Date | May 2011 | Marks available | 4 | Reference code | 11M.2.HL.TZ1.2 |
Level | Higher level | Paper | Paper 2 | Time zone | Time zone 1 |
Command term | Deduce | Question number | 2 | Adapted from | N/A |
Question
This question is about a probe in orbit.
A probe of mass m is in a circular orbit of radius r around a spherical planet of mass M.
State why the work done by the gravitational force during one full revolution of the probe is zero.
Deduce for the probe in orbit that its
(i) speed is \(v = \sqrt {\frac{{GM}}{r}} \).
(ii) total energy is \(E = - \frac{{GMm}}{{2r}}\).
It is now required to place the probe in another circular orbit further away from the planet.
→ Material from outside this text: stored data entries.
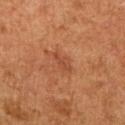Q: Was this lesion biopsied?
A: imaged on a skin check; not biopsied
Q: What are the patient's age and sex?
A: female, roughly 60 years of age
Q: Lesion location?
A: the left upper arm
Q: How was this image acquired?
A: 15 mm crop, total-body photography

To do this, the probe’s engines will be fired for a very short time.
State and explain whether the work done on the probe by the engines is positive, negative or zero.
Markscheme
because the force is always at right angles to the velocity / motion/orbit is an equipotential surface;
Do not accept answers based on the displacement being zero for a full revolution.
(i) equating gravitational force \(\frac{{GMm}}{{{r^2}}}\);
to centripetal force \(\frac{{m{v^2}}}{r}\) to get result;
(ii) kinetic energy is \(\frac{{GMm}}{{2r}}\);
addition to potential energy −\(\frac{{GMm}}{{r}}\) to get result;
the total energy (at the new orbit) will be greater than before/is less negative;
hence probe engines must be fired to produce force in the direction of motion / positive work must be done (on the probe);
Award [1] for mention of only potential energy increasing.